▶ PROBLEM REQUIREMENTS: Below are some records; output all of them exactly.
Segment Start: SOURCE DATA
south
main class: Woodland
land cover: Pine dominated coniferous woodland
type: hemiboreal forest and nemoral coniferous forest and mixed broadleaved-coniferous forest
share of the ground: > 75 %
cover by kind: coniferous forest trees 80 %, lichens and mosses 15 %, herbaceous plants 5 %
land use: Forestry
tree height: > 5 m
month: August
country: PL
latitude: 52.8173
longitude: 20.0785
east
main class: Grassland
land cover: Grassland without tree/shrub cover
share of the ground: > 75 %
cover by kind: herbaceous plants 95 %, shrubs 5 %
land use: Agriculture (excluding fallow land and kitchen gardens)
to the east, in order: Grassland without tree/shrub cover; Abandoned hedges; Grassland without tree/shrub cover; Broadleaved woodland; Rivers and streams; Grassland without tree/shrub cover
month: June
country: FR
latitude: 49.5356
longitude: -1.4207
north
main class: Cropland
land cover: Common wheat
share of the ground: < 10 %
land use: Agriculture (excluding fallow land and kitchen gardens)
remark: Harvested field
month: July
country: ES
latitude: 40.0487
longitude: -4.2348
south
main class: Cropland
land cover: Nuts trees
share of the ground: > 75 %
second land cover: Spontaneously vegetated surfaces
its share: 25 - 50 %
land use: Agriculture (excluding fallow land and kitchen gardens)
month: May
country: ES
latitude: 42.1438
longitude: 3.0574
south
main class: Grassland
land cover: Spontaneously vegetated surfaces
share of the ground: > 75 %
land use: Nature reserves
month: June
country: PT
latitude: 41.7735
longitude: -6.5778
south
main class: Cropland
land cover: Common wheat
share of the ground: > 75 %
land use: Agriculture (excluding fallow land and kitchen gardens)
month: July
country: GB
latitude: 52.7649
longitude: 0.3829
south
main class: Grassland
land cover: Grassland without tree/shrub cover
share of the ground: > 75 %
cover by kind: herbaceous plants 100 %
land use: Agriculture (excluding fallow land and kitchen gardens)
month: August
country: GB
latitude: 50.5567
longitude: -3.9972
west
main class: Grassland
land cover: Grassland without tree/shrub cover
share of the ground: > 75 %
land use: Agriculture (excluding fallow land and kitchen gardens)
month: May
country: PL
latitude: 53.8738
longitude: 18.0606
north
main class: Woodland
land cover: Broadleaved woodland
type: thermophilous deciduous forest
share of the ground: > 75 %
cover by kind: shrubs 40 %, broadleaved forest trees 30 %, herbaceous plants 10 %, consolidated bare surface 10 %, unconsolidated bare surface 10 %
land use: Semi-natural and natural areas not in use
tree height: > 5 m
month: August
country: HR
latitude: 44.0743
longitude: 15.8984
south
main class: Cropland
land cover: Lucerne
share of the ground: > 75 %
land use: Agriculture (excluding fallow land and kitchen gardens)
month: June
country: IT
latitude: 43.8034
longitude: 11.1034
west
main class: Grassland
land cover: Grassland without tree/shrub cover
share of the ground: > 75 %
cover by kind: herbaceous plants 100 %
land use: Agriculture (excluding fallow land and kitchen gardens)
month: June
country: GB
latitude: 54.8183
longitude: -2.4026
Segment End: SOURCE DATA
▶ WRITTEN ANSWER:
south
main class: Woodland
land cover: Pine dominated coniferous woodland
type: hemiboreal forest and nemoral coniferous forest and mixed broadleaved-coniferous forest
share of the ground: > 75 %
cover by kind: coniferous forest trees 80 %, lichens and mosses 15 %, herbaceous plants 5 %
land use: Forestry
tree height: > 5 m
month: August
country: PL
latitude: 52.8173
longitude: 20.0785
east
main class: Grassland
land cover: Grassland without tree/shrub cover
share of the ground: > 75 %
cover by kind: herbaceous plants 95 %, shrubs 5 %
land use: Agriculture (excluding fallow land and kitchen gardens)
to the east, in order: Grassland without tree/shrub cover; Abandoned hedges; Grassland without tree/shrub cover; Broadleaved woodland; Rivers and streams; Grassland without tree/shrub cover
month: June
country: FR
latitude: 49.5356
longitude: -1.4207
north
main class: Cropland
land cover: Common wheat
share of the ground: < 10 %
land use: Agriculture (excluding fallow land and kitchen gardens)
remark: Harvested field
month: July
country: ES
latitude: 40.0487
longitude: -4.2348
south
main class: Cropland
land cover: Nuts trees
share of the ground: > 75 %
second land cover: Spontaneously vegetated surfaces
its share: 25 - 50 %
land use: Agriculture (excluding fallow land and kitchen gardens)
month: May
country: ES
latitude: 42.1438
longitude: 3.0574
south
main class: Grassland
land cover: Spontaneously vegetated surfaces
share of the ground: > 75 %
land use: Nature reserves
month: June
country: PT
latitude: 41.7735
longitude: -6.5778
south
main class: Cropland
land cover: Common wheat
share of the ground: > 75 %
land use: Agriculture (excluding fallow land and kitchen gardens)
month: July
country: GB
latitude: 52.7649
longitude: 0.3829
south
main class: Grassland
land cover: Grassland without tree/shrub cover
share of the ground: > 75 %
cover by kind: herbaceous plants 100 %
land use: Agriculture (excluding fallow land and kitchen gardens)
month: August
country: GB
latitude: 50.5567
longitude: -3.9972
west
main class: Grassland
land cover: Grassland without tree/shrub cover
share of the ground: > 75 %
land use: Agriculture (excluding fallow land and kitchen gardens)
month: May
country: PL
latitude: 53.8738
longitude: 18.0606
north
main class: Woodland
land cover: Broadleaved woodland
type: thermophilous deciduous forest
share of the ground: > 75 %
cover by kind: shrubs 40 %, broadleaved forest trees 30 %, herbaceous plants 10 %, consolidated bare surface 10 %, unconsolidated bare surface 10 %
land use: Semi-natural and natural areas not in use
tree height: > 5 m
month: August
country: HR
latitude: 44.0743
longitude: 15.8984
south
main class: Cropland
land cover: Lucerne
share of the ground: > 75 %
land use: Agriculture (excluding fallow land and kitchen gardens)
month: June
country: IT
latitude: 43.8034
longitude: 11.1034
west
main class: Grassland
land cover: Grassland without tree/shrub cover
share of the ground: > 75 %
cover by kind: herbaceous plants 100 %
land use: Agriculture (excluding fallow land and kitchen gardens)
month: June
country: GB
latitude: 54.8183
longitude: -2.4026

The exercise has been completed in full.